## BRIEF
Keeping every word the same, give again only the lines from the one with "Depicted below in" through the end of the data, both included, and leave every picture out.
··· MATERIAL FOR THE TASK ···
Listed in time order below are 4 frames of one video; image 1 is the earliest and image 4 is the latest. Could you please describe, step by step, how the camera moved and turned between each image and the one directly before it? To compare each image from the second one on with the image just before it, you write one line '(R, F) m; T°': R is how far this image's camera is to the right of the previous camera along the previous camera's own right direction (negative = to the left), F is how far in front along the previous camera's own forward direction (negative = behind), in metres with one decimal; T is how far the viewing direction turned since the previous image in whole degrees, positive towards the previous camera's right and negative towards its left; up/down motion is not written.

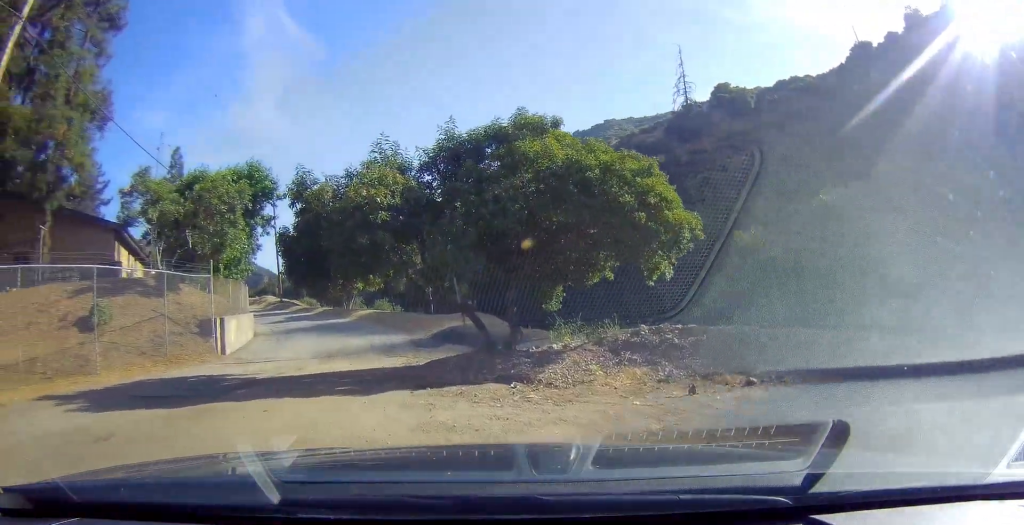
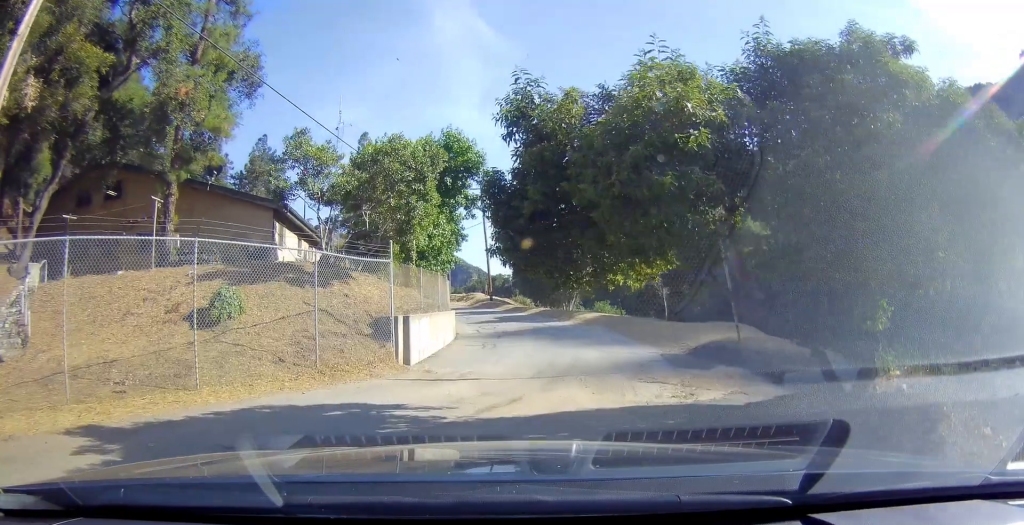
(-0.4, +2.4) m; -18°
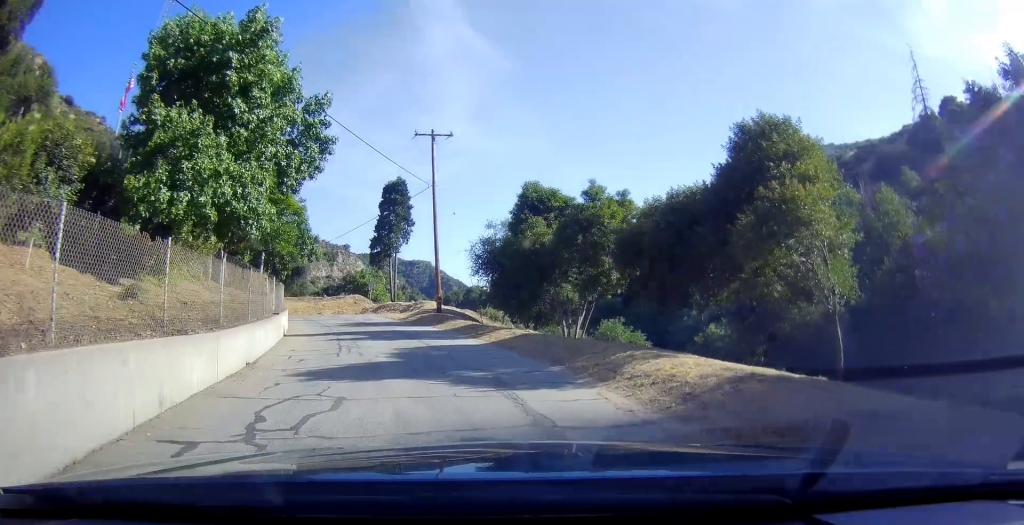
(-2.0, +19.9) m; +1°
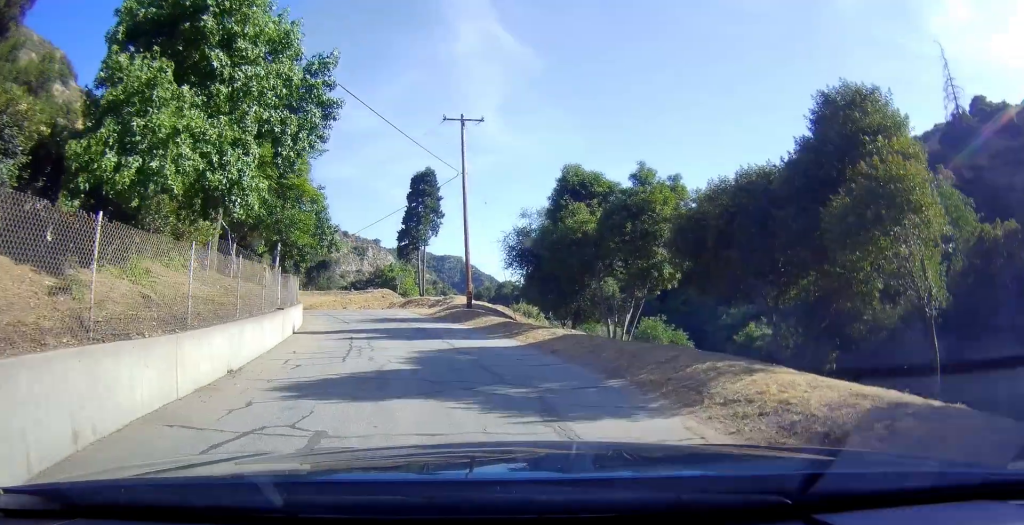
(+0.5, +2.4) m; +1°
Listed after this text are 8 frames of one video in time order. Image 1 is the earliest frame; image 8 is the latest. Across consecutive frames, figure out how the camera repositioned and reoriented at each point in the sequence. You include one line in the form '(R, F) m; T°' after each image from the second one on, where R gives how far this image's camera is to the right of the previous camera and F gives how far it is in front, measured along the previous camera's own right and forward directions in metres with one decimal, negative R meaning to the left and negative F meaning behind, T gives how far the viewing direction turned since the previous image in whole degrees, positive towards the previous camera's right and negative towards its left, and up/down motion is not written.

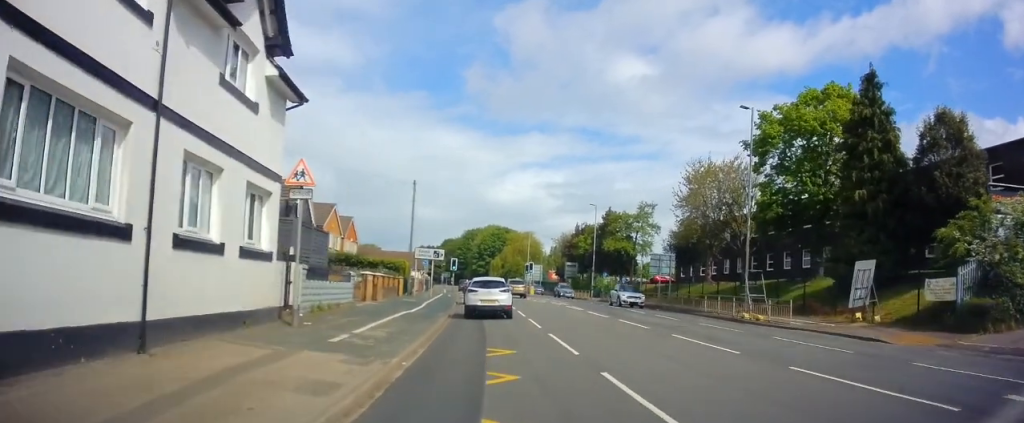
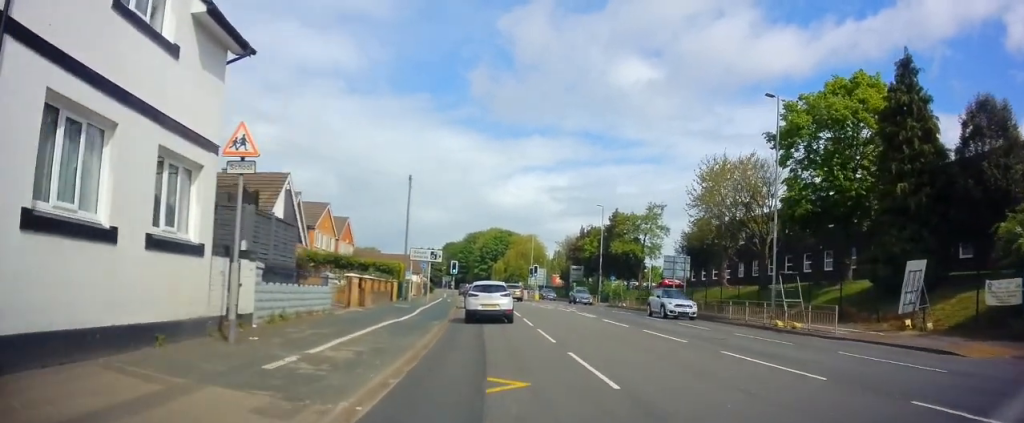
(0.0, +3.7) m; +1°
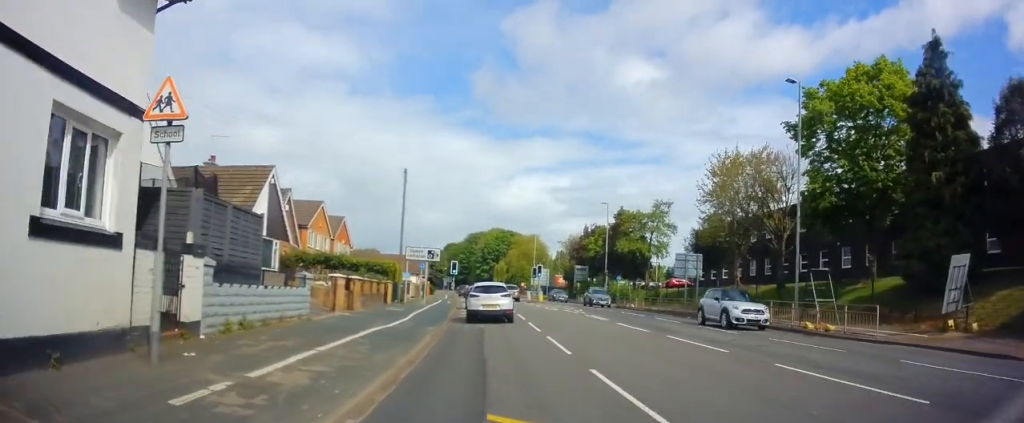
(0.0, +3.0) m; +3°
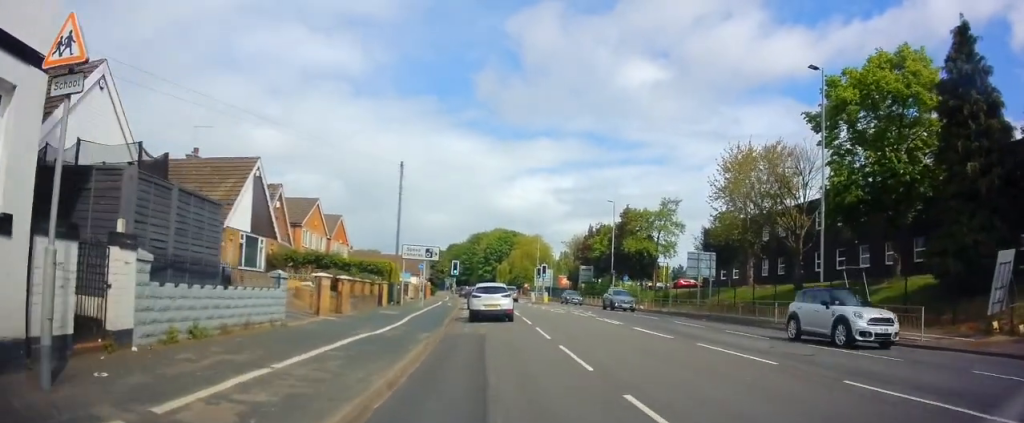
(+0.2, +2.5) m; 0°
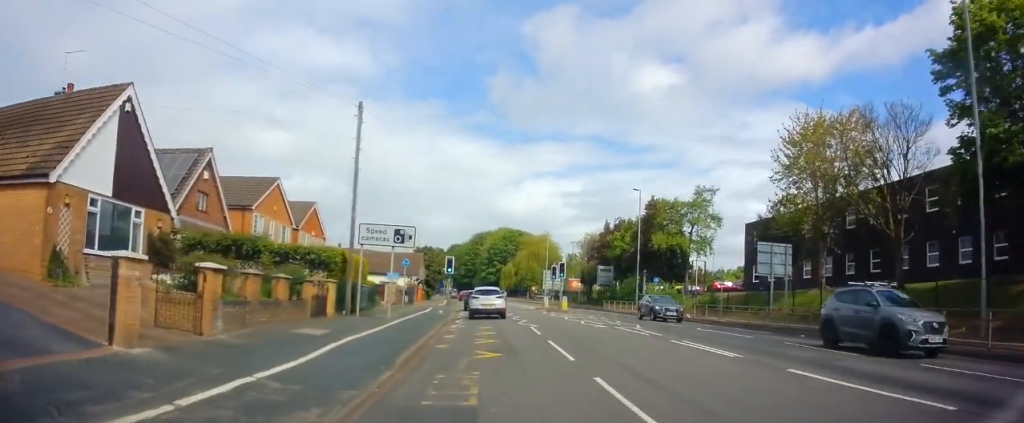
(-0.6, +10.2) m; -5°
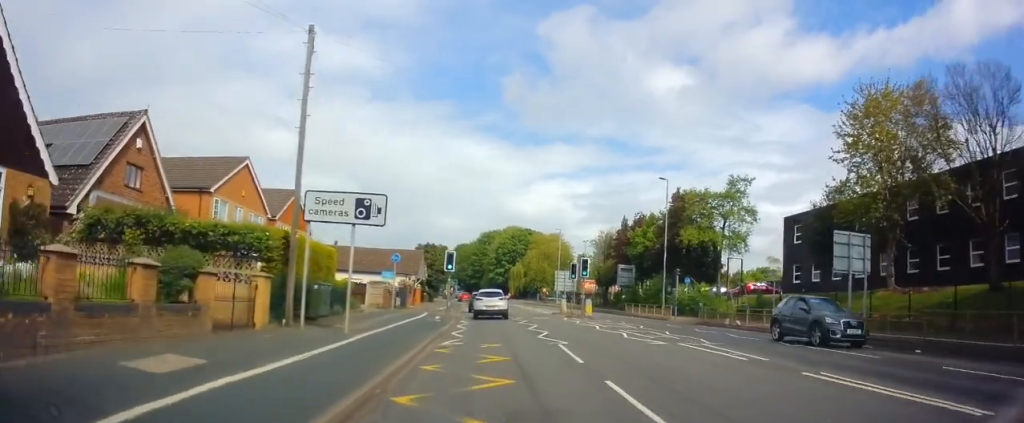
(+0.1, +6.3) m; -1°
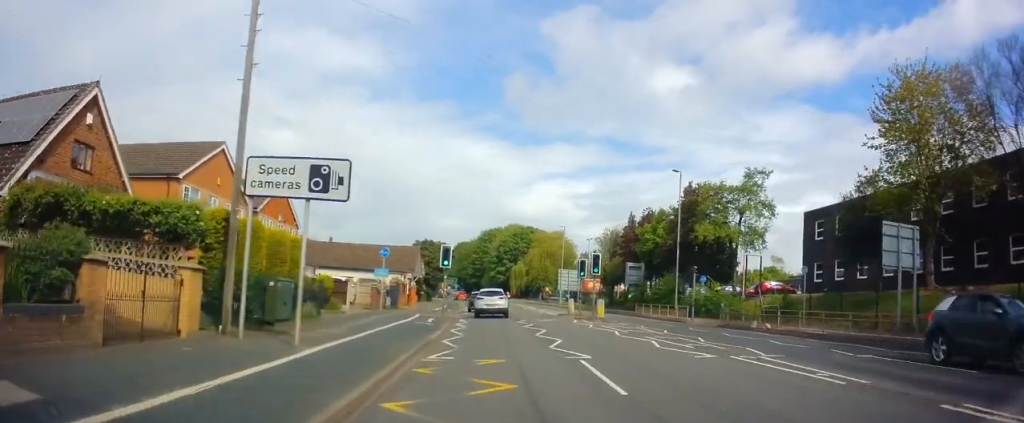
(+0.1, +3.2) m; -1°
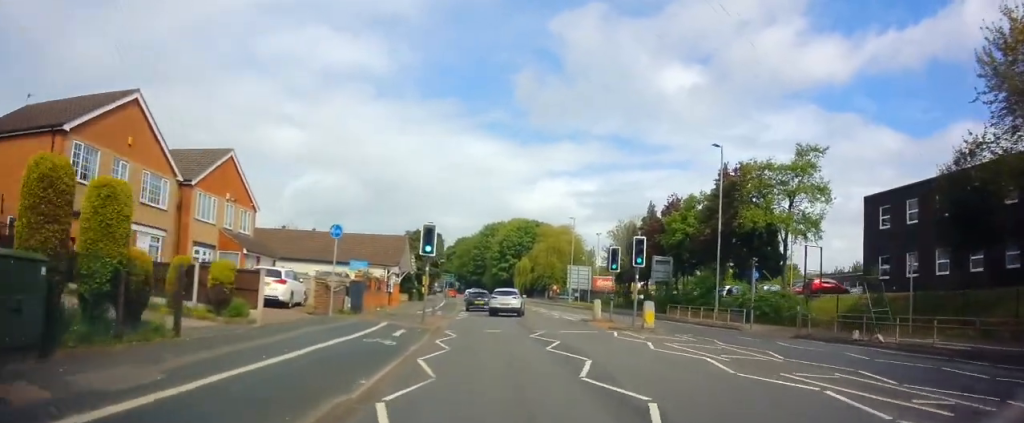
(-0.3, +8.3) m; -3°
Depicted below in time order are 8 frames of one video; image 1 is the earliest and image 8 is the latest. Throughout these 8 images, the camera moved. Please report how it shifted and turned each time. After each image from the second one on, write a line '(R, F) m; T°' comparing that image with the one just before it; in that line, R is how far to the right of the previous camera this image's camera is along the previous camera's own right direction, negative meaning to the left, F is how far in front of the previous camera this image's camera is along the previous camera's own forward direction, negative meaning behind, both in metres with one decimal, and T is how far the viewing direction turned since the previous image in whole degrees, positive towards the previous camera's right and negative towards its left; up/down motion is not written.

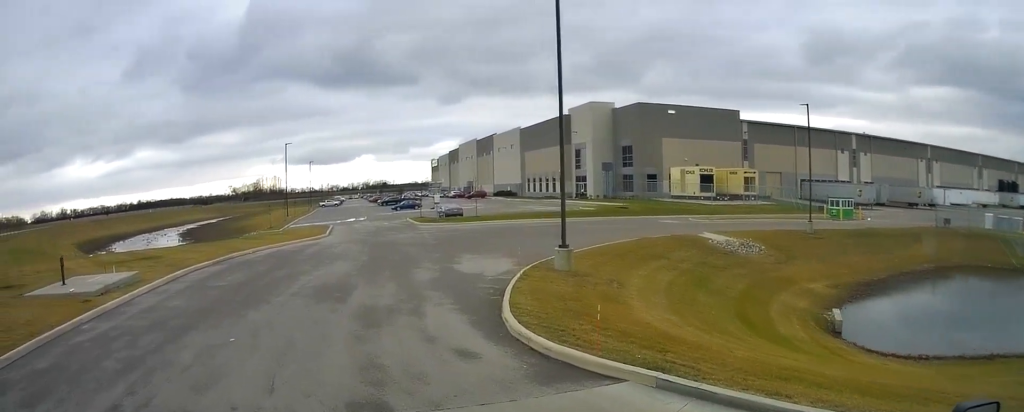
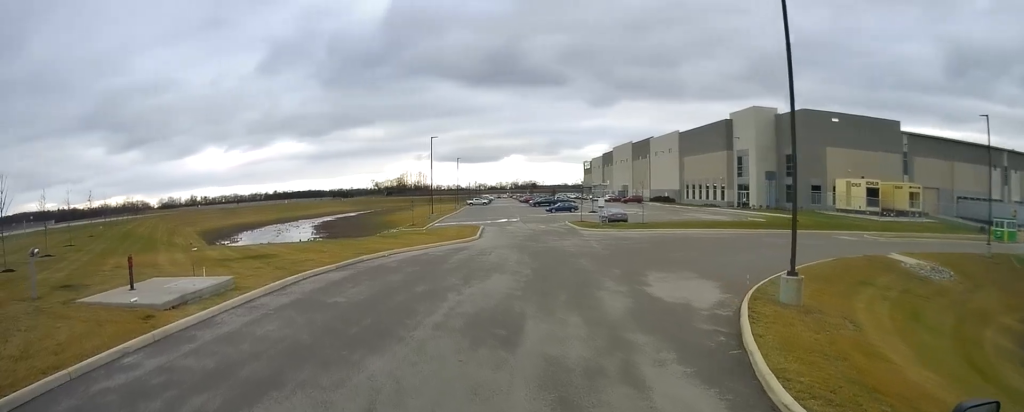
(-0.8, +4.6) m; -4°
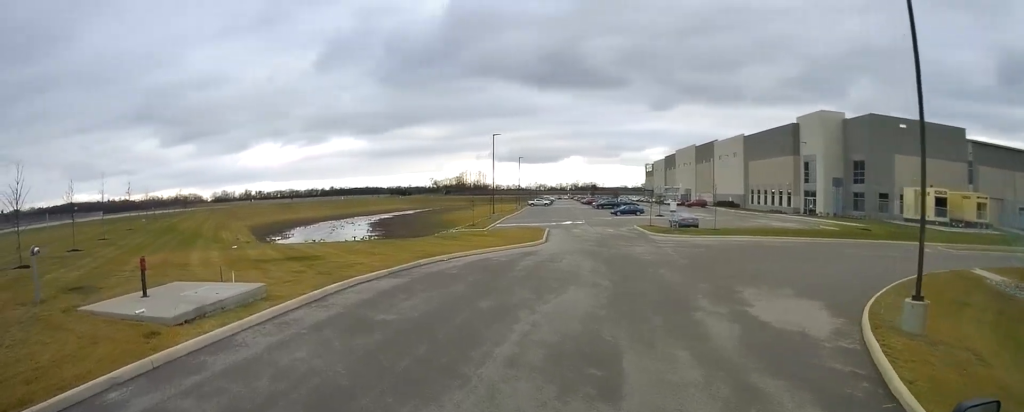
(+0.1, +2.6) m; +3°
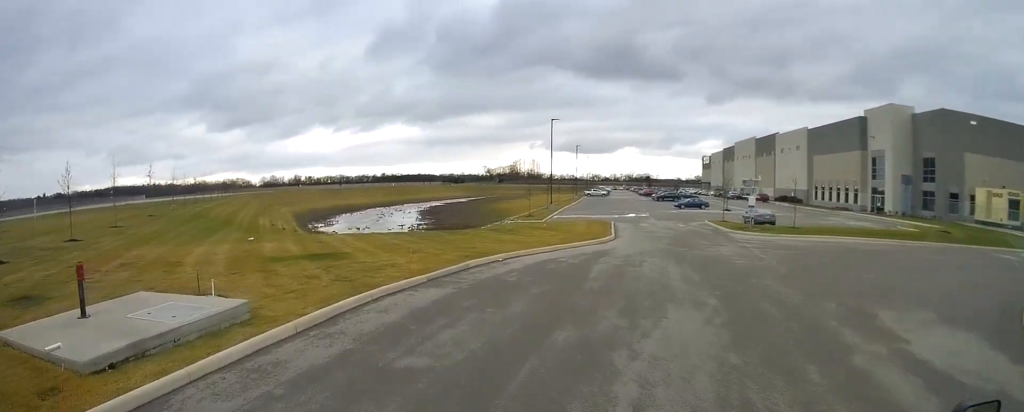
(+0.3, +4.9) m; -1°
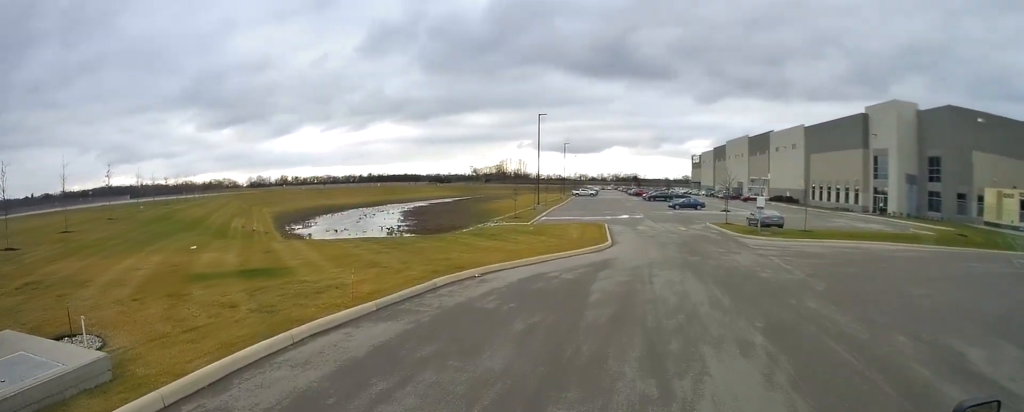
···
## ANSWER SECTION
Depicted below in time order are 8 frames of one video; image 1 is the earliest and image 8 is the latest. Throughout these 8 images, the camera moved. Please report how it shifted and turned each time. After each image from the second one on, write a line '(R, F) m; T°' comparing that image with the one just before it; in that line, R is how far to the right of the previous camera this image's camera is along the previous camera's own right direction, negative meaning to the left, F is how far in front of the previous camera this image's camera is along the previous camera's own forward direction, negative meaning behind, both in metres with one decimal, and T is how far the viewing direction turned since the previous image in whole degrees, positive towards the previous camera's right and negative towards its left; up/down motion is not written.

(-0.8, +4.6) m; -4°
(+0.1, +2.6) m; +3°
(+0.3, +4.9) m; -1°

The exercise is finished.